Моряк отвернулся и пошел прочь. Адам поспешно вскочил.
— Стойте!
Моряк повернул голову.
Адам не мог найти слов. Сердце его переполняла благодарность. Нет, эта благодать была сильнее и глубже благодарности, от нежности у него перехватило дыхание.
— Не знаю, как... как... — пробормотал он.

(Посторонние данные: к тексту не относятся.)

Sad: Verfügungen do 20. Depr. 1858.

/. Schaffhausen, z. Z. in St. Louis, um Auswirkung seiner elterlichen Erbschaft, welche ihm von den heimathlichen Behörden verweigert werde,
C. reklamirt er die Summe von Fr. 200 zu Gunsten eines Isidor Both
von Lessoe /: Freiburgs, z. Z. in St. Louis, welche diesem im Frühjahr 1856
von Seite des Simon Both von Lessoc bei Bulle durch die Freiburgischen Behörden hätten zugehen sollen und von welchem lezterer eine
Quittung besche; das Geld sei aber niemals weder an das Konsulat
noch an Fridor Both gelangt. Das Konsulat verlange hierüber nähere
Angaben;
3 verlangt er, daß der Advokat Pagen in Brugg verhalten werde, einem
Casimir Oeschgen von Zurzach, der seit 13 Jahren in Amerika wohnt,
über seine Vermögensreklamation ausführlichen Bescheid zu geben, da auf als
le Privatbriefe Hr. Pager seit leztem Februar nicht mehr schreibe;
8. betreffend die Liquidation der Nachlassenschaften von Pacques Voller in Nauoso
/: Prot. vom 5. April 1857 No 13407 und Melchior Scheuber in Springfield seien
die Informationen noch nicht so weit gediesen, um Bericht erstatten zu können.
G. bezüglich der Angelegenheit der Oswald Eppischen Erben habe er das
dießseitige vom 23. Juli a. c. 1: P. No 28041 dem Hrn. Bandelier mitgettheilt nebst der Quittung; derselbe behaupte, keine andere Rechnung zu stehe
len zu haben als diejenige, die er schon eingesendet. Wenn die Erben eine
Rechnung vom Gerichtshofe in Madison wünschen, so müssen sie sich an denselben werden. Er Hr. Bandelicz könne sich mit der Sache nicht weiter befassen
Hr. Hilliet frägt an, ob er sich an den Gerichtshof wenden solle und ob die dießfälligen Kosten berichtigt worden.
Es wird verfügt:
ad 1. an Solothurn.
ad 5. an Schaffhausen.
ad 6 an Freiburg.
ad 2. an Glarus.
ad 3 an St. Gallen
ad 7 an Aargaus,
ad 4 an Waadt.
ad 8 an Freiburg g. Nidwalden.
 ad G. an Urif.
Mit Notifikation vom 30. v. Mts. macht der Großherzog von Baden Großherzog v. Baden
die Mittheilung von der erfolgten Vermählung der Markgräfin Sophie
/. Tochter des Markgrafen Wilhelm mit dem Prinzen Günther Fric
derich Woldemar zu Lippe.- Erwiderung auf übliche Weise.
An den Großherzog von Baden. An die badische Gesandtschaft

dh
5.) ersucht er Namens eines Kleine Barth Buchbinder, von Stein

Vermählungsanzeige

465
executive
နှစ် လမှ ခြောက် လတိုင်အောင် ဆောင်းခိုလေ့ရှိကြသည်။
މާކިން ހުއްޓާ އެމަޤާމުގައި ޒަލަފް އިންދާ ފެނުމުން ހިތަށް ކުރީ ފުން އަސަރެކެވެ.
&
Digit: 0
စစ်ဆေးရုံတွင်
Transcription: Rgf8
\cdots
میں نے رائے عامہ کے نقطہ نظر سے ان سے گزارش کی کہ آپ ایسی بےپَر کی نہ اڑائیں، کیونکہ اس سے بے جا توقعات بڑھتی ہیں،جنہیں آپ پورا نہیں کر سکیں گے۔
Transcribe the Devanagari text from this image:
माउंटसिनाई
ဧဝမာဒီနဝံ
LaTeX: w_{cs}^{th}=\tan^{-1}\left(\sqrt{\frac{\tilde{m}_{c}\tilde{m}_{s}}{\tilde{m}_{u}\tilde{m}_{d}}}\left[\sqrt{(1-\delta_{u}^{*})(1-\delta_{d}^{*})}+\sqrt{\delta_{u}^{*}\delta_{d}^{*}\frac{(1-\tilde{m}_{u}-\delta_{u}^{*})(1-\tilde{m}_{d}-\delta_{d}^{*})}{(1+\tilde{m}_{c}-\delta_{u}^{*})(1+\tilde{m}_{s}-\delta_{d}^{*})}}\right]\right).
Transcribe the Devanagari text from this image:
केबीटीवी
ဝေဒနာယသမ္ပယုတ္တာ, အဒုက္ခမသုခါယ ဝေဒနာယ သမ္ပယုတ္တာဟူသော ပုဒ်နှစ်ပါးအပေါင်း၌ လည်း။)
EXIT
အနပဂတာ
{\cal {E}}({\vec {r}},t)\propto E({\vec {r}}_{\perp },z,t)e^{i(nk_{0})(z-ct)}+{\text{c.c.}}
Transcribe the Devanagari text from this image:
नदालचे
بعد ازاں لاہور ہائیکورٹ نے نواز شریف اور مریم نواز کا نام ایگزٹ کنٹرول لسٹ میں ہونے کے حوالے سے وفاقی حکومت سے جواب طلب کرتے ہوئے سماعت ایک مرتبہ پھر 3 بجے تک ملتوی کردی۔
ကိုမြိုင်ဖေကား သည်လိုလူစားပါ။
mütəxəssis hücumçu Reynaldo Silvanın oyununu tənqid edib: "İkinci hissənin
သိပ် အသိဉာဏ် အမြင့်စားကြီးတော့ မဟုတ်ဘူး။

— Что — как? — спросил моряк.
— Как благодарить вас, — сказал Адам.
— За что? — спросил моряк.
— За то, что вы сделали.
Моряк осмотрел его с ног до головы.
— Если я что-то и сделал, — сказал он, — то не знаю, зачем.
— Не знаете?
— Может, и знаю, — сказал тот. Потом усмехнулся резко и сухо. Допустим, — он выбил трубку о поручни. — Допустим, просто из любопытства. Я вообще любопытный, забавно иногда смотреть, как можно сделать то или сё. Стало чего-то вдруг интересно, сможет ли человек в твоем положении добраться до берега.
Адам шагнул к нему.
— Неправду вы говорите! — выпалил он.
— Это почему еще? — усмехнулся моряк. — Ты же хотел попасть на берег. В эти чертовы Соединенные Штаты. Вот и все, чего ты хотел, верно ведь?
— Да.
— Ну и вали в свои Штаты, дурачина. Только... — он снова отвернулся и сунул в рот трубку.
Адам ухватил его за рукав.
— Что — только? — спросил он.
Моряк вытащил трубку изо рта.
— Да оставишь ты меня наконец в покое? — выкрикнул он в сердцах.